Since the inception of AHP in 1990, the Home Loan banks have contributed more than $8 billion toward the program, supporting over one million households. Today, the banks stand as the largest privately capitalized contributor to affordable housing initiatives in the country and in 2024 they expect to contribute approximately $1 billion toward affordable housing and community development efforts.

As the rulemaking process moves forward, what must remain top of mind for all interested parties is that fulfillment of the Home Loan banks' mission flows from their primary purpose as a provider of liquidity. Liquidity is the lifeblood of the system and the driver of all that the banks do in terms of supporting housing finance and affordable housing and community development. Any changes that diminish the value proposition of their liquidity mission will necessarily impact their activities in the affordable housing and community development space.

FHFA has the authority and responsibility to ensure the Home Loan banks can continue to meet their members' liquidity needs safely, soundly, efficiently and responsibly in all economic conditions. However, it must also ensure the banks retain the regulatory flexibility necessary to address the current and future challenges to America's housing finance system; consider local and regional housing market differences and allow more flexibility in housing markets that have unique circumstances that support high- or low-cost markets around the country; and avoid any changes that would impair or reduce their discretionary programs. Importantly, the Home Loan banks caution against making changes to the system that could result in a contraction of the nation's availability of credit.
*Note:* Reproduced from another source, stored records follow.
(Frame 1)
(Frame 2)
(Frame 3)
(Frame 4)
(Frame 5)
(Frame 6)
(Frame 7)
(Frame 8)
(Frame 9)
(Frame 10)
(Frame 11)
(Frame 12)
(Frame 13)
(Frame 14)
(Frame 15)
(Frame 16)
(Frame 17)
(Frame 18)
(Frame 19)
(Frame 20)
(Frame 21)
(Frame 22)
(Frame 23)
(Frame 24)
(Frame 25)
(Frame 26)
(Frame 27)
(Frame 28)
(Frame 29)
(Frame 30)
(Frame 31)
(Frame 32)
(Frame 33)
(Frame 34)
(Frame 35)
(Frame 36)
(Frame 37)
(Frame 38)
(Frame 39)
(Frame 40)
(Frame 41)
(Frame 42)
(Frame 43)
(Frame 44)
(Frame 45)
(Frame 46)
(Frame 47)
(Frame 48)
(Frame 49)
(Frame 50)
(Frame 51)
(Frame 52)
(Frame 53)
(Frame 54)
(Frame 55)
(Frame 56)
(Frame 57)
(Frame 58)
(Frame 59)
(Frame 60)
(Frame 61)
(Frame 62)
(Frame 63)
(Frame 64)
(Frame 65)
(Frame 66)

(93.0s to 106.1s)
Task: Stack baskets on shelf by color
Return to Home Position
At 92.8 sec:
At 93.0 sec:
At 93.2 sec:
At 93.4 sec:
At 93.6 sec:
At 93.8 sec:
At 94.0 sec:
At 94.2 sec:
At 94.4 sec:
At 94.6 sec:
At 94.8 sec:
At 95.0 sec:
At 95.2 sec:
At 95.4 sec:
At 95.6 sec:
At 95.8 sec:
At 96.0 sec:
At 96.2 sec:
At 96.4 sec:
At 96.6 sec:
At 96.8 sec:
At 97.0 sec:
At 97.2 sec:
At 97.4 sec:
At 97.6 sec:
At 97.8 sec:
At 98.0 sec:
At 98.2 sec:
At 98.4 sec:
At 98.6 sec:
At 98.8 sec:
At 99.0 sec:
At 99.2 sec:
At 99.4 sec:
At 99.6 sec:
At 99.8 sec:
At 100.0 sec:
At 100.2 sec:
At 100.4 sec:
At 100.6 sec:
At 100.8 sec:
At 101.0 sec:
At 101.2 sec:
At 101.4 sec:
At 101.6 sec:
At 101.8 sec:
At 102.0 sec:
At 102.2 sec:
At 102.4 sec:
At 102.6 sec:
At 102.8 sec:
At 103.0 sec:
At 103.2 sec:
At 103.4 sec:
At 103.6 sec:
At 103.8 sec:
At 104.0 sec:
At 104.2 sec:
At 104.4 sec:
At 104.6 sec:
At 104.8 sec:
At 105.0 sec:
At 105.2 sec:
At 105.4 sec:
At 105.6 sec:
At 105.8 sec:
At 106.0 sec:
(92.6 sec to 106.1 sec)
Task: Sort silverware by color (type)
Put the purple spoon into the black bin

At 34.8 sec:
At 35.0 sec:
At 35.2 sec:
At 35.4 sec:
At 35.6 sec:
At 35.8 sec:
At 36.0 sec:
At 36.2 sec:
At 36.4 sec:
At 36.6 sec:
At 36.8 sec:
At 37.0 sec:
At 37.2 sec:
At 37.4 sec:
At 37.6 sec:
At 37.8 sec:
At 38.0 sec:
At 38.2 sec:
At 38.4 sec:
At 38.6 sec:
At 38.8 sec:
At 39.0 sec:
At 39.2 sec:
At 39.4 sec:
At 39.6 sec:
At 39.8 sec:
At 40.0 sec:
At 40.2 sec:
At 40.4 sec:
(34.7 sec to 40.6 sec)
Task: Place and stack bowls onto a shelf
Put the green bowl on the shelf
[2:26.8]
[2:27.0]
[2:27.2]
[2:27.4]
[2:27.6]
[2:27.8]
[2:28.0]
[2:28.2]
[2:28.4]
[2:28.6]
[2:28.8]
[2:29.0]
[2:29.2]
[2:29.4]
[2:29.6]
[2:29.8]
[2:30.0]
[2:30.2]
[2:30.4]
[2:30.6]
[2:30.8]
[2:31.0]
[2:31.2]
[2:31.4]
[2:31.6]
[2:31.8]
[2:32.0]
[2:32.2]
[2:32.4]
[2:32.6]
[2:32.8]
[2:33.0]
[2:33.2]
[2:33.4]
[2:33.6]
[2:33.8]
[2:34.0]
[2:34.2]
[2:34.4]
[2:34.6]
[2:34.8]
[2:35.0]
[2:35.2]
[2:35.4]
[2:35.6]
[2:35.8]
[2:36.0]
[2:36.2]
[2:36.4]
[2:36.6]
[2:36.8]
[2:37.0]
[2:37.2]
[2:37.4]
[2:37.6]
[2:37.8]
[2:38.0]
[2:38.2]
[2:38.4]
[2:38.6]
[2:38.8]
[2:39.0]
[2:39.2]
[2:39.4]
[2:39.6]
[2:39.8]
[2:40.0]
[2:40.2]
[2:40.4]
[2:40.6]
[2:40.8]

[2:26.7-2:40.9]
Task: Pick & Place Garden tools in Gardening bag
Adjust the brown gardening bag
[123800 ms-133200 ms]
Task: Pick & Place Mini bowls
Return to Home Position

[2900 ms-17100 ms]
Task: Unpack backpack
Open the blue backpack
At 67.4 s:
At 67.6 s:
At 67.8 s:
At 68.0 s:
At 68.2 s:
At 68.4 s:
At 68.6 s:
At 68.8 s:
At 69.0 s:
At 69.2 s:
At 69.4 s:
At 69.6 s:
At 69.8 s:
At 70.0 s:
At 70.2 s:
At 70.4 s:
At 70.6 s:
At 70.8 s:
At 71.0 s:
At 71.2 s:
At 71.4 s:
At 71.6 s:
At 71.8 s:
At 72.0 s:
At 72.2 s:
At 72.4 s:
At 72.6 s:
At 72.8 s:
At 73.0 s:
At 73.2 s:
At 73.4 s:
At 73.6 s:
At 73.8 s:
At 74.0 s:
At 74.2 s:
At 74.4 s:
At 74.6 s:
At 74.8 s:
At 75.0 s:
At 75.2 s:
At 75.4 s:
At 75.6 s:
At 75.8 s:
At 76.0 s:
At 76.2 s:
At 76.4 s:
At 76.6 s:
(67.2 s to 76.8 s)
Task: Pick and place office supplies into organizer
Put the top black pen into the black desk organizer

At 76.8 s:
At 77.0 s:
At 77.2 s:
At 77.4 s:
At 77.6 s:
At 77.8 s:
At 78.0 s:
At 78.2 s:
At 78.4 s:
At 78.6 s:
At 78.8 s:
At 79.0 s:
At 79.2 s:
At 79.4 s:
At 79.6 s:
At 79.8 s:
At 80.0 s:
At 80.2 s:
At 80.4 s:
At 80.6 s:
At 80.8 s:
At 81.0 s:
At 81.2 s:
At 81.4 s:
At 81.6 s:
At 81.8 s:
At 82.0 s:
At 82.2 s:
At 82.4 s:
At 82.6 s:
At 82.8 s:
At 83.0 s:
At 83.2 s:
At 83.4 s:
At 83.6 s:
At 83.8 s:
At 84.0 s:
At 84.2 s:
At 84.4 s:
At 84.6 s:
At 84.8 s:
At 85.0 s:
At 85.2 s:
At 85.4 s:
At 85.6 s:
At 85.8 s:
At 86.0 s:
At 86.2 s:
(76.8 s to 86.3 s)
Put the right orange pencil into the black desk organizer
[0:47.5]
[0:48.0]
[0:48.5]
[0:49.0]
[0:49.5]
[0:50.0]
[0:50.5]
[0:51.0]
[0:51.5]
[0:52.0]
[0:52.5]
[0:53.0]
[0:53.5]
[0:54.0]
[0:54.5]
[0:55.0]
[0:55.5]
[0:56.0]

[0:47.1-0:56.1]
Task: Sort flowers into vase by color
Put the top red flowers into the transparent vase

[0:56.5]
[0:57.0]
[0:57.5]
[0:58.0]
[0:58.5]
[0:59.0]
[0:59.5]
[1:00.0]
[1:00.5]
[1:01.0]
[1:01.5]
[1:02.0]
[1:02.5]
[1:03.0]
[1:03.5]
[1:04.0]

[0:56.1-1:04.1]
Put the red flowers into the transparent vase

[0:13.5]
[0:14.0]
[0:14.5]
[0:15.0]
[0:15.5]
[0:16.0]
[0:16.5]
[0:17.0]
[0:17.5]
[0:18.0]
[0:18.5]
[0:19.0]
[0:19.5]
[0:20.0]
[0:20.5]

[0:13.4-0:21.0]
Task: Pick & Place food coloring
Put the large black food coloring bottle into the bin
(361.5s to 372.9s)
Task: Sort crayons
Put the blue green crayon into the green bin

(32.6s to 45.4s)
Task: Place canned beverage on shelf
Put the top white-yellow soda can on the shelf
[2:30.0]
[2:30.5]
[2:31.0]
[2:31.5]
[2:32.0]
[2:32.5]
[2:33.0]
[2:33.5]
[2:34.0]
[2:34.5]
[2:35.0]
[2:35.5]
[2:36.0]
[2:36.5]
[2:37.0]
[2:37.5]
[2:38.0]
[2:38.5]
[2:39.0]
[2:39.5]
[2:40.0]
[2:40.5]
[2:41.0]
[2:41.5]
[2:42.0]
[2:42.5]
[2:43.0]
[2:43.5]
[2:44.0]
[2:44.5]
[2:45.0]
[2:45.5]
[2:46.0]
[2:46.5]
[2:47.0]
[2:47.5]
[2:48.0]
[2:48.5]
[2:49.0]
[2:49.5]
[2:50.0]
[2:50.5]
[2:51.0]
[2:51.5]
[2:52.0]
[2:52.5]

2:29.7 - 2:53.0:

The Federal Home Loan banks are a foundational component of the U.S. economy and financial system and, by any measure, they have fulfilled, and are fulfilling, the mission Congress has given them. What's more, they have long been innovators in the affordable housing and community development arena, working through their members and within the confines created for them by Congress to develop programs and initiatives designed to respond to acute local challenges. Additional changes to the system are welcome, provided they increase the flexibility of the banks to be responsive to member needs, broaden participation in the system, reduce administrative burdens and do not disrupt what has served members, communities and borrowers so well over the last century.

This article originally appeared in American Banker.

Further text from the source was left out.